Information below:

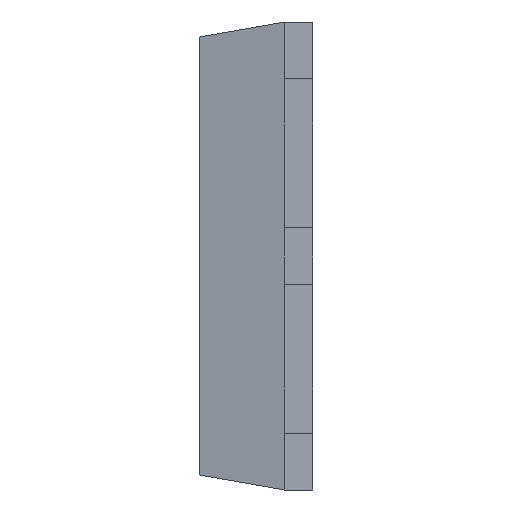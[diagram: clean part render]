
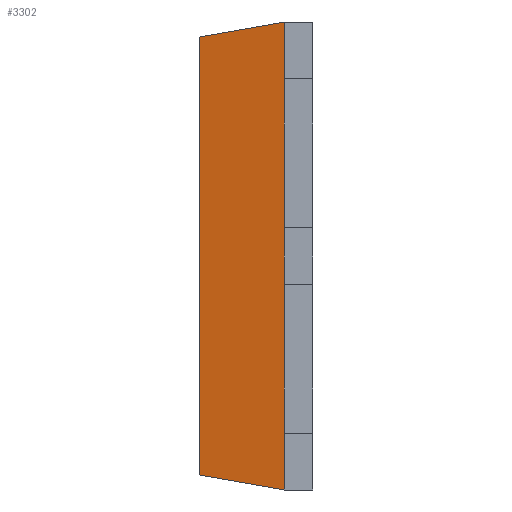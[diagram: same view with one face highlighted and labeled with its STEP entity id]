
A CAD part, left-side view. The second image highlights one B-rep face of the part: STEP entity #3302.
In plain terms, the highlighted planar face has unit normal (-0.985, 0.174, 0).
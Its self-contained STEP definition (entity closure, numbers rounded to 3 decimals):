
#1 = CARTESIAN_POINT ( 'NONE',  ( -5.24, 0.6, 9.9 ) ) ;
#70 = EDGE_CURVE ( 'NONE', #3940, #5032, #2234, .T. ) ;
#602 = DIRECTION ( 'NONE',  ( 0., 0., -1. ) ) ;
#665 = VECTOR ( 'NONE', #2322, 1000. ) ;
#745 = CARTESIAN_POINT ( 'NONE',  ( -5.24, 0.6, 9.1 ) ) ;
#876 = DIRECTION ( 'NONE',  ( 0., 0., -1. ) ) ;
#1022 = DIRECTION ( 'NONE',  ( 0., 0., -1. ) ) ;
#1068 = VECTOR ( 'NONE', #1022, 1000. ) ;
#1147 = VERTEX_POINT ( 'NONE', #1 ) ;
#1159 = ORIENTED_EDGE ( 'NONE', *, *, #3396, .F. ) ;
#1198 = DIRECTION ( 'NONE',  ( 0., 0., -1. ) ) ;
#1401 = VERTEX_POINT ( 'NONE', #4107 ) ;
#1430 = CARTESIAN_POINT ( 'NONE',  ( -4.95, 2.243, 0.29 ) ) ;
#1467 = ORIENTED_EDGE ( 'NONE', *, *, #3542, .F. ) ;
#1562 = DIRECTION ( 'NONE',  ( 0.985, -0.174, 0. ) ) ;
#2038 = VECTOR ( 'NONE', #876, 1000. ) ;
#2208 = CARTESIAN_POINT ( 'NONE',  ( -5.24, 0.6, 9.9 ) ) ;
#2227 = EDGE_CURVE ( 'NONE', #2770, #1401, #2274, .T. ) ;
#2234 = LINE ( 'NONE', #3640, #3988 ) ;
#2274 = LINE ( 'NONE', #3267, #1068 ) ;
#2322 = DIRECTION ( 'NONE',  ( 0.171, 0.97, 0.171 ) ) ;
#2329 = ORIENTED_EDGE ( 'NONE', *, *, #70, .F. ) ;
#2469 = EDGE_CURVE ( 'NONE', #5032, #1401, #2829, .T. ) ;
#2554 = CARTESIAN_POINT ( 'NONE',  ( -5.24, 0.6, 0. ) ) ;
#2662 = VECTOR ( 'NONE', #1198, 1000. ) ;
#2770 = VERTEX_POINT ( 'NONE', #3356 ) ;
#2791 = CARTESIAN_POINT ( 'NONE',  ( -5.24, 0.6, 9.1 ) ) ;
#2829 = LINE ( 'NONE', #1430, #665 ) ;
#3267 = CARTESIAN_POINT ( 'NONE',  ( -4.923, 2.4, 9.9 ) ) ;
#3282 = EDGE_LOOP ( 'NONE', ( #3566, #2329, #1467, #4455, #1159, #4575 ) ) ;
#3302 = ADVANCED_FACE ( 'NONE', ( #4428 ), #5510, .F. ) ;
#3356 = CARTESIAN_POINT ( 'NONE',  ( -4.923, 2.4, 9.583 ) ) ;
#3396 = EDGE_CURVE ( 'NONE', #2770, #1147, #4879, .T. ) ;
#3542 = EDGE_CURVE ( 'NONE', #5364, #3940, #4347, .T. ) ;
#3566 = ORIENTED_EDGE ( 'NONE', *, *, #2469, .F. ) ;
#3622 = EDGE_CURVE ( 'NONE', #1147, #5364, #5230, .T. ) ;
#3640 = CARTESIAN_POINT ( 'NONE',  ( -5.24, 0.6, 9.9 ) ) ;
#3745 = DIRECTION ( 'NONE',  ( 0.174, 0.985, 0. ) ) ;
#3940 = VERTEX_POINT ( 'NONE', #4112 ) ;
#3988 = VECTOR ( 'NONE', #602, 1000. ) ;
#4107 = CARTESIAN_POINT ( 'NONE',  ( -4.923, 2.4, 0.317 ) ) ;
#4112 = CARTESIAN_POINT ( 'NONE',  ( -5.24, 0.6, 0.8 ) ) ;
#4255 = CARTESIAN_POINT ( 'NONE',  ( -5.24, 0.6, 9.9 ) ) ;
#4347 = LINE ( 'NONE', #745, #2662 ) ;
#4428 = FACE_OUTER_BOUND ( 'NONE', #3282, .T. ) ;
#4455 = ORIENTED_EDGE ( 'NONE', *, *, #3622, .F. ) ;
#4575 = ORIENTED_EDGE ( 'NONE', *, *, #2227, .T. ) ;
#4617 = VECTOR ( 'NONE', #4784, 1000. ) ;
#4784 = DIRECTION ( 'NONE',  ( -0.171, -0.97, 0.171 ) ) ;
#4879 = LINE ( 'NONE', #5221, #4617 ) ;
#5032 = VERTEX_POINT ( 'NONE', #2554 ) ;
#5221 = CARTESIAN_POINT ( 'NONE',  ( -5.24, 0.6, 9.9 ) ) ;
#5230 = LINE ( 'NONE', #2208, #2038 ) ;
#5357 = AXIS2_PLACEMENT_3D ( 'NONE', #4255, #1562, #3745 ) ;
#5364 = VERTEX_POINT ( 'NONE', #2791 ) ;
#5510 = PLANE ( 'NONE',  #5357 ) ;

End of Information.

About this task |
Lines containing the word "VECTOR" in the entries above should be counted, and only that number given.

Solution to the exercise |
6